## The problem
Find all lines in the records that include the word "FFFFFF", and copy them out.

## Records supplied

-=-=-

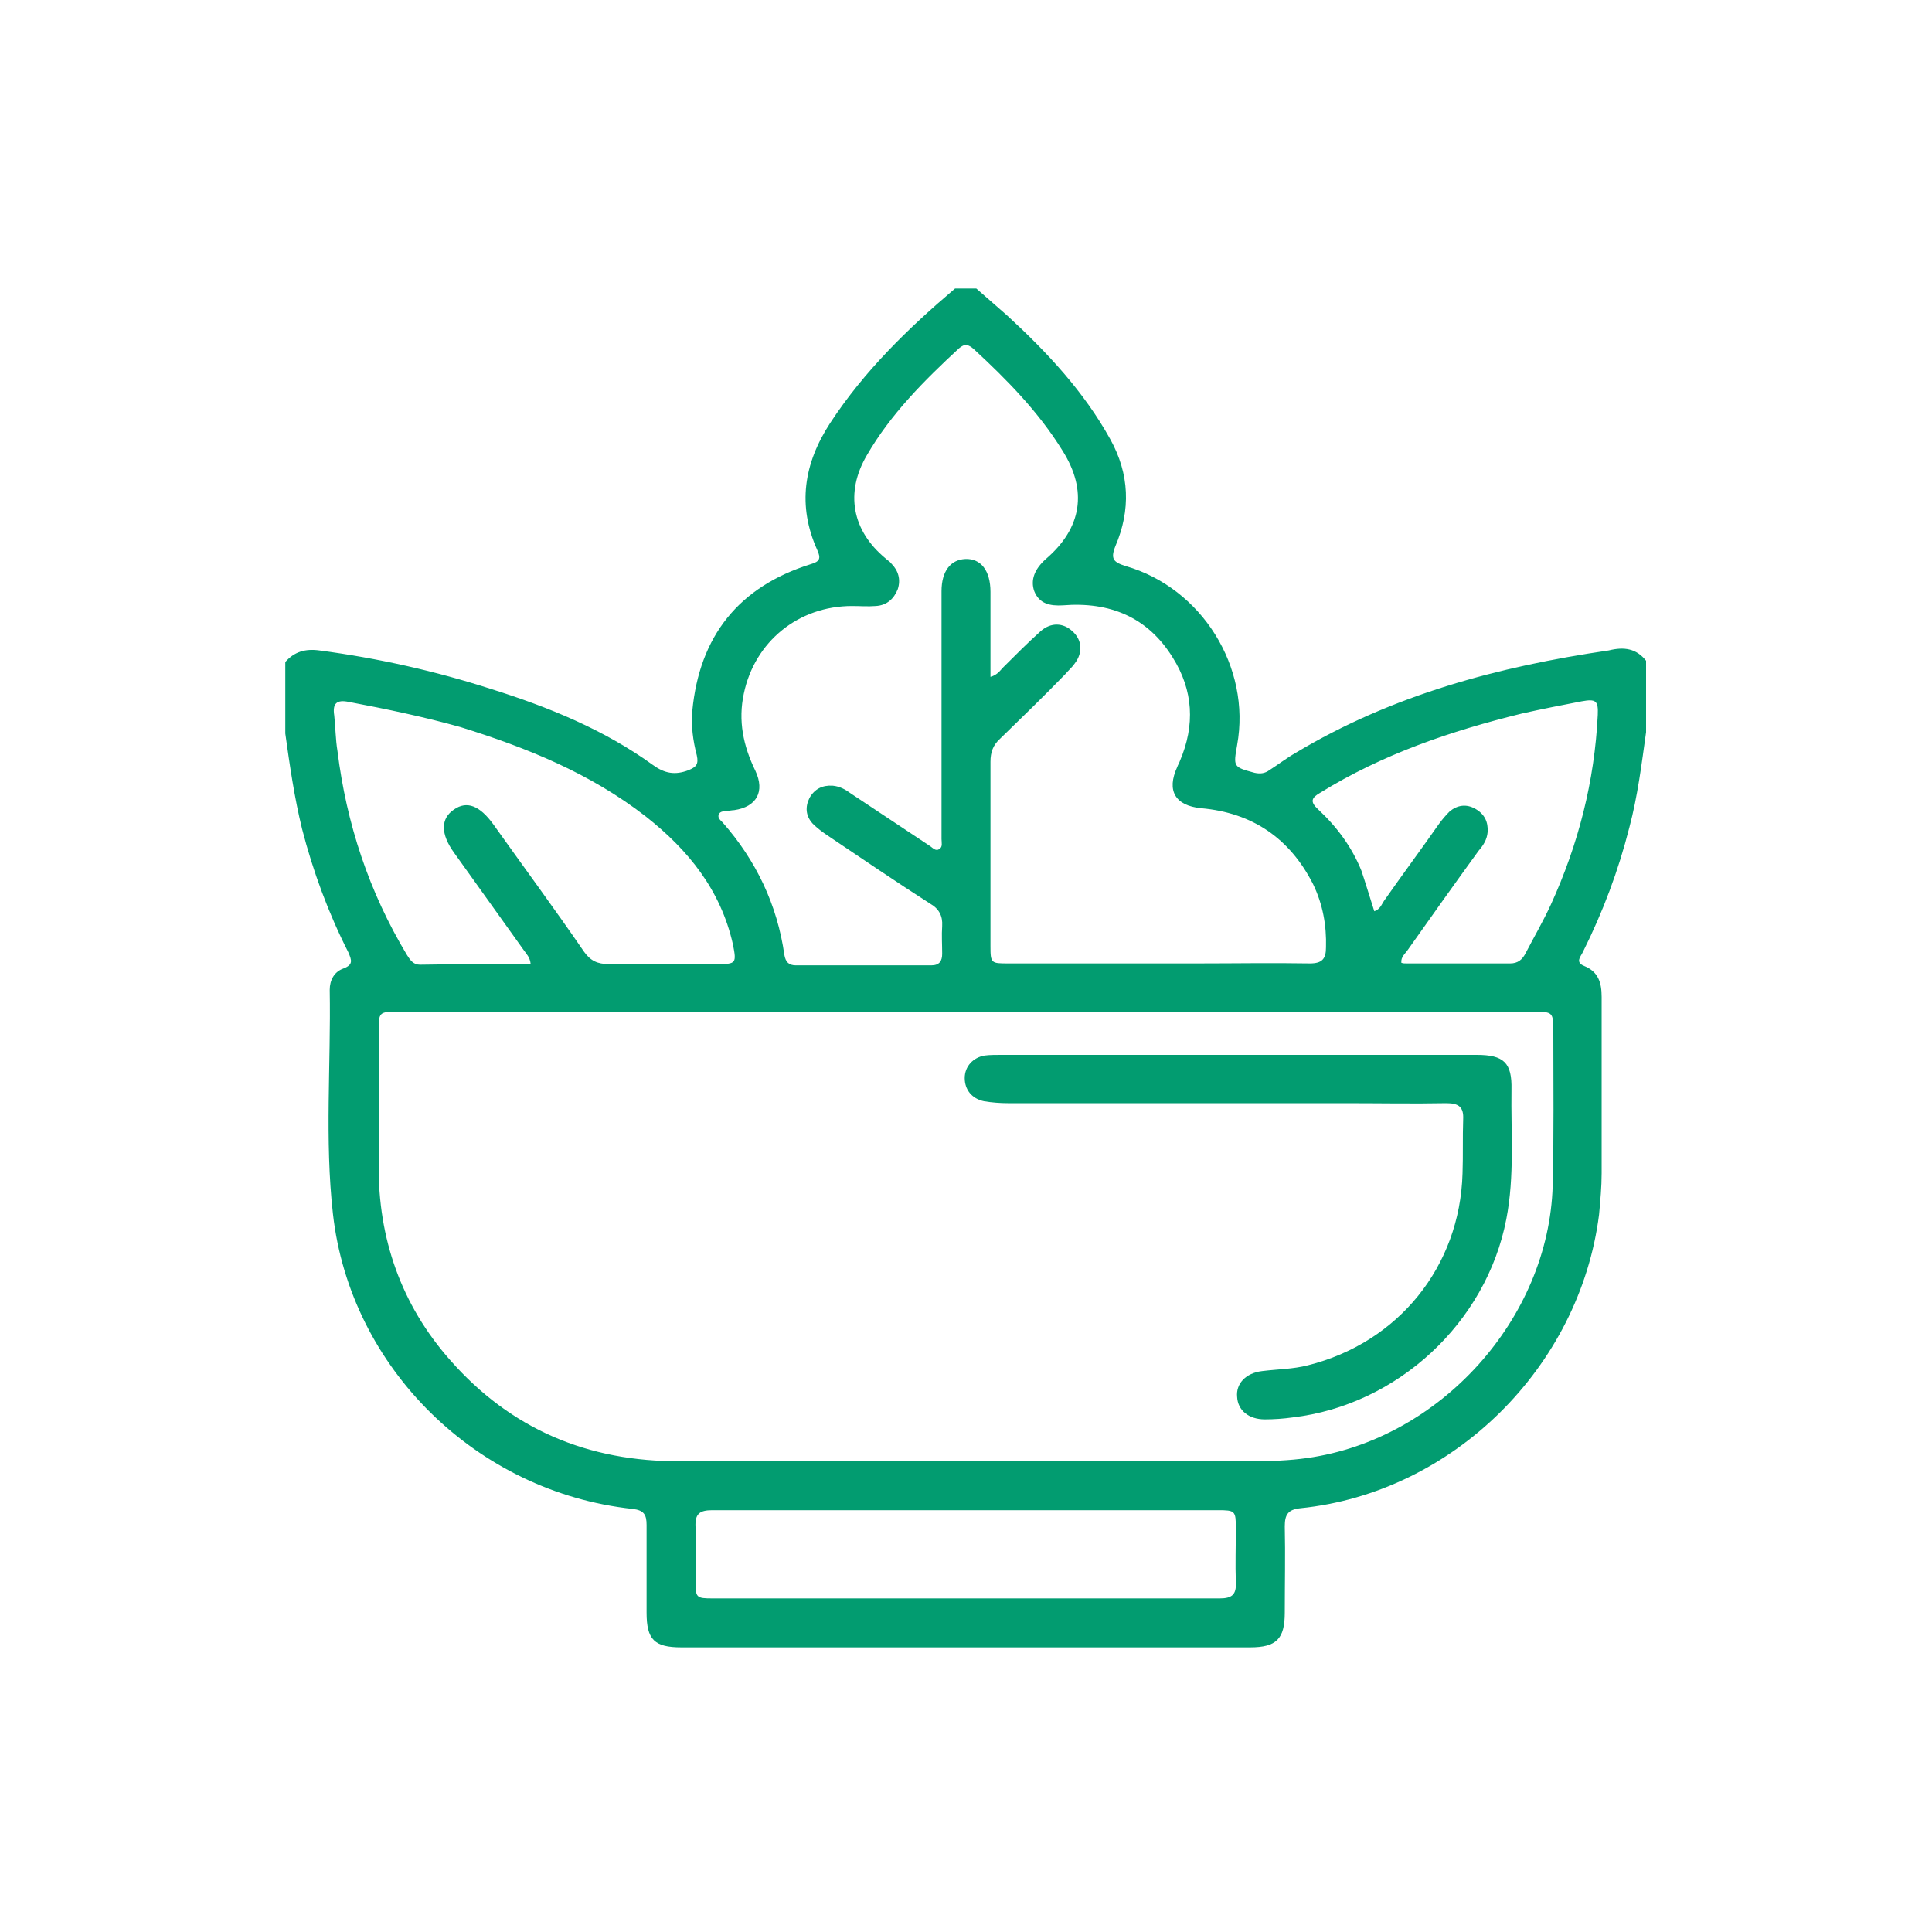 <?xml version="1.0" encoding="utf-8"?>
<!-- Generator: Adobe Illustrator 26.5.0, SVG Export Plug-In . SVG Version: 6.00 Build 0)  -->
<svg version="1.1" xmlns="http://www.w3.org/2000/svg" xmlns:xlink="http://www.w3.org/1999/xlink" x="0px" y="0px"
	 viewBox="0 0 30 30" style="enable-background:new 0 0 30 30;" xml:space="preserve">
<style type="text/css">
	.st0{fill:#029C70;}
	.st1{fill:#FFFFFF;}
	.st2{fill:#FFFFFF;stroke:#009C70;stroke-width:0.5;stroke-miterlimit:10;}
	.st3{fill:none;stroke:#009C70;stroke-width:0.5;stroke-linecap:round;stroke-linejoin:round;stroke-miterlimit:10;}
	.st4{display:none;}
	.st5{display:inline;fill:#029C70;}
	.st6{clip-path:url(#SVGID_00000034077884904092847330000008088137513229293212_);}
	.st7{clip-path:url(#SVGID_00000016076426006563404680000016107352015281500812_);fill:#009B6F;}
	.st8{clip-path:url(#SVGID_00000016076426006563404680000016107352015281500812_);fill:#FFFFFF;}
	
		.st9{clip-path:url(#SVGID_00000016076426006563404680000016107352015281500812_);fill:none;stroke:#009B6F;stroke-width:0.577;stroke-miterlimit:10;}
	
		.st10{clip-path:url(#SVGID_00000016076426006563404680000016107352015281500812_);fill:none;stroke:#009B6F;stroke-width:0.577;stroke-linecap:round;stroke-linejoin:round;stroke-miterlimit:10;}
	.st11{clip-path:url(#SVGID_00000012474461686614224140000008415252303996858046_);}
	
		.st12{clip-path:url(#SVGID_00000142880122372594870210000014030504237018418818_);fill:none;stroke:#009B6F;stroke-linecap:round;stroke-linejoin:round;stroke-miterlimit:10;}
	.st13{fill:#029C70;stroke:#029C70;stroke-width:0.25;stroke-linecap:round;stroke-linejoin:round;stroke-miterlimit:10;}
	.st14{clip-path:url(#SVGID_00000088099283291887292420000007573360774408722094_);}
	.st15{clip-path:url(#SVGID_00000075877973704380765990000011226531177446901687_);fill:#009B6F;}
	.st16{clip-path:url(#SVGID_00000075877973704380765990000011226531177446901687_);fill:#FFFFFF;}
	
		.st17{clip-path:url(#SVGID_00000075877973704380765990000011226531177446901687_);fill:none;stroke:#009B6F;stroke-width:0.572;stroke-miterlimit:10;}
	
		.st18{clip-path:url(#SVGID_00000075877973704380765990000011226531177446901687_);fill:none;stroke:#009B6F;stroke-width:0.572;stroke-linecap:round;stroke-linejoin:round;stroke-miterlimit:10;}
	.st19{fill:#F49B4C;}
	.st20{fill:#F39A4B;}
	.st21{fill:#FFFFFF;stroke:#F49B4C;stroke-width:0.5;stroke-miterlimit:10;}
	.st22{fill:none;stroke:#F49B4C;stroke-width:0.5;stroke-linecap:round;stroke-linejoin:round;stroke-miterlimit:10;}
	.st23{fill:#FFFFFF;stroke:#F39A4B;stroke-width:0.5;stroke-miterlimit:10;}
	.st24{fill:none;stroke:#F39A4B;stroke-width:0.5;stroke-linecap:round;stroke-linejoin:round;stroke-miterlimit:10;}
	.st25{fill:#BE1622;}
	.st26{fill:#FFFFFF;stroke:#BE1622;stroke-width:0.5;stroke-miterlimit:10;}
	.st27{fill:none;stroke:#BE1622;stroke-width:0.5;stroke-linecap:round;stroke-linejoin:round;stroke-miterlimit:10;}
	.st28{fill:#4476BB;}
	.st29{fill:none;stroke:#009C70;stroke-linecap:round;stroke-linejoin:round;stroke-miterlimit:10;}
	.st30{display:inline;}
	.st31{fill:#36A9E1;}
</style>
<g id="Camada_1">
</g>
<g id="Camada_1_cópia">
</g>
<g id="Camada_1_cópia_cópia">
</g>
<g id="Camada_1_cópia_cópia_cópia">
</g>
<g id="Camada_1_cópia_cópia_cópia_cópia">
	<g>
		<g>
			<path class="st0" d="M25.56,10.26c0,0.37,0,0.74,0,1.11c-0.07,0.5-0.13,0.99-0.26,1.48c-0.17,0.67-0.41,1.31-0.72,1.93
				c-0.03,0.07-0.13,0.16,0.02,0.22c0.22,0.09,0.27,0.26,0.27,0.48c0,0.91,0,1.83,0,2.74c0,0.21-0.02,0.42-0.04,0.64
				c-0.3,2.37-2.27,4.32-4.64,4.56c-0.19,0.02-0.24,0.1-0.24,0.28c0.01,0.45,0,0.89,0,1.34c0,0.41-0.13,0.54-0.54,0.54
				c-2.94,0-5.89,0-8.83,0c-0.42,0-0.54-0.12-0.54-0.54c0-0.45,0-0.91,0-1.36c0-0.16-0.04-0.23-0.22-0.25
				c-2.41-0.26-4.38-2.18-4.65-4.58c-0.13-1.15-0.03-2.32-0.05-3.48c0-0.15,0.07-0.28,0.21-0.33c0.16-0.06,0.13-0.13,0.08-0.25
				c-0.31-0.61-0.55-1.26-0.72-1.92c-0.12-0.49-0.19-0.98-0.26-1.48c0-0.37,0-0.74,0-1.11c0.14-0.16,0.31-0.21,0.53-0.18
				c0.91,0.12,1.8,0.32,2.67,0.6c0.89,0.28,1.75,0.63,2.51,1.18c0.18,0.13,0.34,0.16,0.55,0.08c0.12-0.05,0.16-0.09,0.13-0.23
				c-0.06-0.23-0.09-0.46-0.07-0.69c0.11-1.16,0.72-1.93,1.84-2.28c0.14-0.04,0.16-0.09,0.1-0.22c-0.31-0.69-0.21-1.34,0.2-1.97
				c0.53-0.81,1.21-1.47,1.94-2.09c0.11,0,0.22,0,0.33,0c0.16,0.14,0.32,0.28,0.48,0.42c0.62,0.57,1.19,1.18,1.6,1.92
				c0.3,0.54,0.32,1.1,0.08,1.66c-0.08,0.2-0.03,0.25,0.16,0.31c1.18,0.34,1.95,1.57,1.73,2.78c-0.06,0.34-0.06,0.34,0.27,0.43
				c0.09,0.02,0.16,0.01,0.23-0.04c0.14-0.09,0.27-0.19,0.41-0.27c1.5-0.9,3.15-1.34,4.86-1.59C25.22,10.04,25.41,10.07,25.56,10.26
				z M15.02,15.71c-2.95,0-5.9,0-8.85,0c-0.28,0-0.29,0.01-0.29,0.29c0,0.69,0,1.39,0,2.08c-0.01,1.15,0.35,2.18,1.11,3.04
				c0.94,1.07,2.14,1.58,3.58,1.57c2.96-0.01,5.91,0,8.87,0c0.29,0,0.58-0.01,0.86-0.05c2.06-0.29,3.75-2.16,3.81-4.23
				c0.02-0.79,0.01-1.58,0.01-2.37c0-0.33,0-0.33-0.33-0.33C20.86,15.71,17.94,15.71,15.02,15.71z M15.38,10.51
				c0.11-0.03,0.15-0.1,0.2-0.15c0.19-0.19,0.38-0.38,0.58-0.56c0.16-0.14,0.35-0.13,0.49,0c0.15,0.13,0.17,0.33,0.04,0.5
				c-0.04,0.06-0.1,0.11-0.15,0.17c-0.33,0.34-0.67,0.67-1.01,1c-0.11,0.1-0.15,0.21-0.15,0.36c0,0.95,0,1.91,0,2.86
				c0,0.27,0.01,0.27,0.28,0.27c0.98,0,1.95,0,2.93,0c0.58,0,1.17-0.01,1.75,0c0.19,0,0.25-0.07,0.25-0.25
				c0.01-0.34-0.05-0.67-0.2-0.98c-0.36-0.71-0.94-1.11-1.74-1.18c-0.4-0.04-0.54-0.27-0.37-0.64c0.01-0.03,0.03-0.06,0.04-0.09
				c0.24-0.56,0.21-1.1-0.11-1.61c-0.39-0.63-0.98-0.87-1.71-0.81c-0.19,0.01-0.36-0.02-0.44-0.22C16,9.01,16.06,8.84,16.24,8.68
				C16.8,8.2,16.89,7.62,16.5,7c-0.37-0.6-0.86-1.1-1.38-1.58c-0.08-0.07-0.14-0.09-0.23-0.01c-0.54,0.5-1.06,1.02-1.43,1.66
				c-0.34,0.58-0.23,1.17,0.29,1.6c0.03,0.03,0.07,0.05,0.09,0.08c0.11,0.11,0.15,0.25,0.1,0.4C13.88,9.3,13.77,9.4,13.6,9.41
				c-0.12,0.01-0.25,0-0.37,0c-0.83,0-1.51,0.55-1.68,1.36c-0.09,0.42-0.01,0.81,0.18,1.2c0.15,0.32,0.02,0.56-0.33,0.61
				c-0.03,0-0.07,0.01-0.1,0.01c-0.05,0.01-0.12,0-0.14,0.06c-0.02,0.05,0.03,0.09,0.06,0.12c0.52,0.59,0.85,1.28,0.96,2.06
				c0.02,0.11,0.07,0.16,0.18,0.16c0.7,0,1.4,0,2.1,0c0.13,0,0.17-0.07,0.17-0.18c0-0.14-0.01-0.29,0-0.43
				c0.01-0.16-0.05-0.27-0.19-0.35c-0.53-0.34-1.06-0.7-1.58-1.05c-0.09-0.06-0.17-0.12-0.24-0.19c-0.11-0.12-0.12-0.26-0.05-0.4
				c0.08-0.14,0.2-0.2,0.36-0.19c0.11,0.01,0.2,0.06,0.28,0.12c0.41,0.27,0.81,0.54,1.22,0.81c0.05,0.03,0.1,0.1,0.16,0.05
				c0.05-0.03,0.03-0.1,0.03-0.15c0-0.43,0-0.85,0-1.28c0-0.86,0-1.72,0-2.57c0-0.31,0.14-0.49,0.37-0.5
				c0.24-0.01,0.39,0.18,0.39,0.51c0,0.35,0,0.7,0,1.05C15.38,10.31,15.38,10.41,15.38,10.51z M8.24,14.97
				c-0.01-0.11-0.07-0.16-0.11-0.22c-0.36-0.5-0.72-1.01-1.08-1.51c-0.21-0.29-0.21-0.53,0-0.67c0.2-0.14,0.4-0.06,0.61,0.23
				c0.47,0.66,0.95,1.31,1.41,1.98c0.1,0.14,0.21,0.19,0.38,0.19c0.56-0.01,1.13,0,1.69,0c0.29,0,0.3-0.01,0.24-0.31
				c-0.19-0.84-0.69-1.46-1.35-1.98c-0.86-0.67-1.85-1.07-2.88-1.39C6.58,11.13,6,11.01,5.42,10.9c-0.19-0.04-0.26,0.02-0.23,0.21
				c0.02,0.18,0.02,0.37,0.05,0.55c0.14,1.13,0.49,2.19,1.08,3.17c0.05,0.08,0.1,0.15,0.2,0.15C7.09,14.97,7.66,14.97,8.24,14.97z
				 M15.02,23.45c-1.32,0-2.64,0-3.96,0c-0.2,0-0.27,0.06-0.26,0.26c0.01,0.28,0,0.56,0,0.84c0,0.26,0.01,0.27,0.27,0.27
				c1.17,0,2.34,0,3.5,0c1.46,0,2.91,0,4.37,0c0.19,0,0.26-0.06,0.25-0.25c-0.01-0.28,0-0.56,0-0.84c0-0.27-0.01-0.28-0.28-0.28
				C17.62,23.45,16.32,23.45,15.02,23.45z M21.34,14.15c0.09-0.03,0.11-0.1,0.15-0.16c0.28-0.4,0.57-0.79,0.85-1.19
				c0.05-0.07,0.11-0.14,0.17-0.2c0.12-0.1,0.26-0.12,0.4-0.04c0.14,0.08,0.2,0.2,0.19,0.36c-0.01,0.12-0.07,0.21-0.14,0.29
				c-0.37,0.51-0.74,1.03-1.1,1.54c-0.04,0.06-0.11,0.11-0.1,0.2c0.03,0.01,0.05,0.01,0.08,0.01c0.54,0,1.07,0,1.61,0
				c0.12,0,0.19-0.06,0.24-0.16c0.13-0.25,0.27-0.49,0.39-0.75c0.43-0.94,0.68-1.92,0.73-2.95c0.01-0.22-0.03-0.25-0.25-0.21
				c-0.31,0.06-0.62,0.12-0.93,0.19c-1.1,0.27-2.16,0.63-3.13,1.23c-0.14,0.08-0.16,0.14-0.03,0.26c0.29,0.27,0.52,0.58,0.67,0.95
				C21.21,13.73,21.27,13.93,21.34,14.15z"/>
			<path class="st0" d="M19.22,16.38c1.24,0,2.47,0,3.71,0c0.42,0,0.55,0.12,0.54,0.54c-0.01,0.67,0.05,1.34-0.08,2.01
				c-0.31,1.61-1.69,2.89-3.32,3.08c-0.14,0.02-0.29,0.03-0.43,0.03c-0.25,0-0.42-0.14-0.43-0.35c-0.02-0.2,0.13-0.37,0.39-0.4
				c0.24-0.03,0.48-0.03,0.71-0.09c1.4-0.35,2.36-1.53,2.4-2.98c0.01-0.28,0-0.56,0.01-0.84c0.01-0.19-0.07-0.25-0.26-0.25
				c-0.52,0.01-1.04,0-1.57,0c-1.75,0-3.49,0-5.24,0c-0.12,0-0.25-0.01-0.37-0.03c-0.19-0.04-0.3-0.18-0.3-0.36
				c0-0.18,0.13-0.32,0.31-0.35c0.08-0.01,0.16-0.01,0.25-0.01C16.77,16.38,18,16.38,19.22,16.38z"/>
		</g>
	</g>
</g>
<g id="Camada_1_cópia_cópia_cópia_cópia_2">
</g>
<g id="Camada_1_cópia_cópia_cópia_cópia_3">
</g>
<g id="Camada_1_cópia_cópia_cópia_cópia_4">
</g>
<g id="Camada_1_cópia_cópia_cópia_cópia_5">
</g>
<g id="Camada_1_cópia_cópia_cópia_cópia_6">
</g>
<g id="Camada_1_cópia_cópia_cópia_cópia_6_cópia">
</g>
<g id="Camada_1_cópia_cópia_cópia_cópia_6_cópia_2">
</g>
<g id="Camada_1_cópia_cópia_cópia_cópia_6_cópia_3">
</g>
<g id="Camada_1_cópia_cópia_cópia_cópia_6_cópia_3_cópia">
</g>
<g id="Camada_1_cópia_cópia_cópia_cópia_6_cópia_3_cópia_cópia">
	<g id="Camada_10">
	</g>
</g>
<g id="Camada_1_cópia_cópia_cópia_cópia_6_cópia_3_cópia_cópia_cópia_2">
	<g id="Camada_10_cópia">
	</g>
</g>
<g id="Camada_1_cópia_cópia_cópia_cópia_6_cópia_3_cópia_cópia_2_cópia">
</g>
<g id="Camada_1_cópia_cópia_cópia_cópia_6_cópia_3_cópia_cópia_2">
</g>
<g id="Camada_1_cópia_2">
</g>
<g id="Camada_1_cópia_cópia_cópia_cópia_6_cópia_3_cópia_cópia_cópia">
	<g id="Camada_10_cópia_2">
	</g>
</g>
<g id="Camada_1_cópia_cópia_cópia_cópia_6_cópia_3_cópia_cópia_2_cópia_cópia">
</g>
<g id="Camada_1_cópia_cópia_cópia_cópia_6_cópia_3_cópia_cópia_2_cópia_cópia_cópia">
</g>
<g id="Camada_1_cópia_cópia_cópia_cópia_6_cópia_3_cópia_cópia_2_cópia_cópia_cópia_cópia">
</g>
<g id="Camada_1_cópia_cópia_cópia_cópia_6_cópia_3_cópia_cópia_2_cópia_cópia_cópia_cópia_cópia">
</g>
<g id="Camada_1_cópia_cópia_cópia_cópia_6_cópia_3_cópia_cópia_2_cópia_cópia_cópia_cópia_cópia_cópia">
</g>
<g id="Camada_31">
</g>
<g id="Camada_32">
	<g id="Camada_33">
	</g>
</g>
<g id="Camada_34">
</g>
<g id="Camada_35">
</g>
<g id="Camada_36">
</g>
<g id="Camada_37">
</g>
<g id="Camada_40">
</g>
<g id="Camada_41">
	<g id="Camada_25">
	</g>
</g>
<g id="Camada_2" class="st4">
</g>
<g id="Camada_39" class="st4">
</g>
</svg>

-=-=-

## Response to the task
	.st1{fill:#FFFFFF;}
	.st2{fill:#FFFFFF;stroke:#009C70;stroke-width:0.5;stroke-miterlimit:10;}
	.st8{clip-path:url(#SVGID_00000016076426006563404680000016107352015281500812_);fill:#FFFFFF;}
	.st16{clip-path:url(#SVGID_00000075877973704380765990000011226531177446901687_);fill:#FFFFFF;}
	.st21{fill:#FFFFFF;stroke:#F49B4C;stroke-width:0.5;stroke-miterlimit:10;}
	.st23{fill:#FFFFFF;stroke:#F39A4B;stroke-width:0.5;stroke-miterlimit:10;}
	.st26{fill:#FFFFFF;stroke:#BE1622;stroke-width:0.5;stroke-miterlimit:10;}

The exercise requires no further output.